A new proof of the Herzog-Hibi-Zheng theorem
Antonino Ficarra
TL;DR
The paper addresses the problem of characterizing when a quadratic monomial ideal $I$ has linear powers, culminating in the HHZ theorem which asserts the equivalence of (a) $I$ having a linear resolution, (b) $I$ having linear powers, and (c) all powers $I^k$ having linear quotients. It presents an elementary proof by leveraging polarization to realize $I^p$ as a cochordal-edge ideal $I(G)$ and then establishes that $I^k$ possesses linear quotients for all $k\ge1$ via a carefully chosen order on standard presentations and a combinatorial even-closed-walk argument.
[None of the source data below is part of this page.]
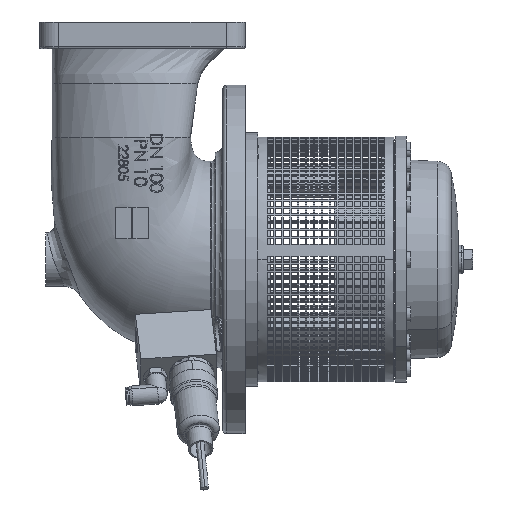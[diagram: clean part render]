
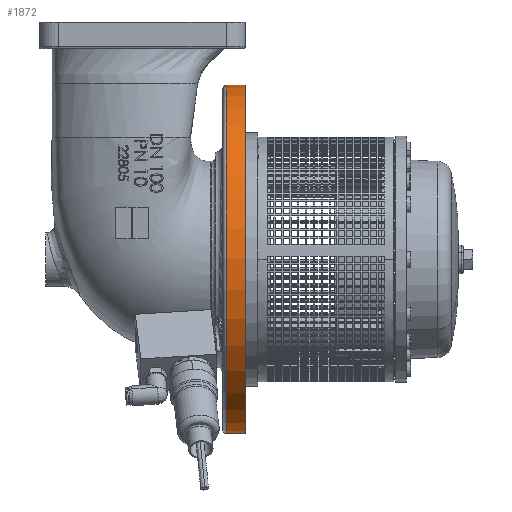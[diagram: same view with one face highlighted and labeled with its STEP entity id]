
A CAD part, front view. The second image highlights one B-rep face of the part: STEP entity #1872.
In plain terms, the highlighted cylindrical face has radius 110 mm (diameter 220 mm), a partial arc.
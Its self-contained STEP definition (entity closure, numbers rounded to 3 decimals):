
#1872 = ADVANCED_FACE ( 'NONE', ( #295525 ), #295549, .T. ) ;
#51378 = EDGE_CURVE ( 'NONE', #202725, #202741, #199977, .T. ) ;
#52079 = EDGE_CURVE ( 'NONE', #202725, #202784, #201588, .T. ) ;
#56731 = AXIS2_PLACEMENT_3D ( 'NONE', #291415, #291381, #291362 ) ;
#162667 = EDGE_CURVE ( 'NONE', #202784, #202757, #388268, .T. ) ;
#163227 = EDGE_CURVE ( 'NONE', #202757, #202741, #412487, .T. ) ;
#167728 = AXIS2_PLACEMENT_3D ( 'NONE', #206237, #206233, #206252 ) ;
#192689 = CARTESIAN_POINT ( 'NONE',  ( 33.191, -5.452, 110. ) ) ;
#192709 = CARTESIAN_POINT ( 'NONE',  ( 21.191, -5.452, 110. ) ) ;
#192733 = CARTESIAN_POINT ( 'NONE',  ( 21.191, -5.452, -110. ) ) ;
#192759 = CARTESIAN_POINT ( 'NONE',  ( 33.191, -5.452, -110. ) ) ;
#199977 = LINE ( 'NONE', #203605, #199979 ) ;
#199979 = VECTOR ( 'NONE', #203608, 1000. ) ;
#201588 = CIRCLE ( 'NONE', #167728, 110. ) ;
#202725 = VERTEX_POINT ( 'NONE', #192689 ) ;
#202741 = VERTEX_POINT ( 'NONE', #192709 ) ;
#202757 = VERTEX_POINT ( 'NONE', #192733 ) ;
#202784 = VERTEX_POINT ( 'NONE', #192759 ) ;
#203605 = CARTESIAN_POINT ( 'NONE',  ( 19.191, -5.452, 110. ) ) ;
#203608 = DIRECTION ( 'NONE',  ( -1., 0., 0. ) ) ;
#206233 = DIRECTION ( 'NONE',  ( 1., 0., 0. ) ) ;
#206237 = CARTESIAN_POINT ( 'NONE',  ( 33.191, -5.452, 0. ) ) ;
#206252 = DIRECTION ( 'NONE',  ( 0., 0., -1. ) ) ;
#291362 = DIRECTION ( 'NONE',  ( 0., 0., 1. ) ) ;
#291381 = DIRECTION ( 'NONE',  ( -1., 0., 0. ) ) ;
#291415 = CARTESIAN_POINT ( 'NONE',  ( 19.191, -5.452, 0. ) ) ;
#295525 = FACE_OUTER_BOUND ( 'NONE', #327573, .T. ) ;
#295549 = CYLINDRICAL_SURFACE ( 'NONE', #56731, 110. ) ;
#303646 = ORIENTED_EDGE ( 'NONE', *, *, #163227, .F. ) ;
#303649 = ORIENTED_EDGE ( 'NONE', *, *, #51378, .T. ) ;
#303652 = ORIENTED_EDGE ( 'NONE', *, *, #52079, .F. ) ;
#303661 = ORIENTED_EDGE ( 'NONE', *, *, #162667, .F. ) ;
#327573 = EDGE_LOOP ( 'NONE', ( #303661, #303652, #303649, #303646 ) ) ;
#380201 = AXIS2_PLACEMENT_3D ( 'NONE', #409016, #409043, #409046 ) ;
#388268 = LINE ( 'NONE', #407397, #388276 ) ;
#388276 = VECTOR ( 'NONE', #407427, 1000. ) ;
#407397 = CARTESIAN_POINT ( 'NONE',  ( 19.191, -5.452, -110. ) ) ;
#407427 = DIRECTION ( 'NONE',  ( -1., 0., 0. ) ) ;
#409016 = CARTESIAN_POINT ( 'NONE',  ( 21.191, -5.452, 0. ) ) ;
#409043 = DIRECTION ( 'NONE',  ( -1., 0., 0. ) ) ;
#409046 = DIRECTION ( 'NONE',  ( 0., 0., 1. ) ) ;
#412487 = CIRCLE ( 'NONE', #380201, 110. ) ;

The result provides a short, self-contained alternative to previous proofs and yields corollaries such as that $P^kI^old$ has linear quotients when $I\subset P$ is quadratic with linear resolution, highlighting connections between graph theory and the asymptotic homological behavior of monomial ideals. The work also discusses related questions, including the Nevo–Peeva conjecture, and clarifies implications for Rees algebras and Betti-splitting phenomena.
Abstract
We give a new, elementary proof of the celebrated Herzog-Hibi-Zheng theorem on powers of quadratic monomial ideals.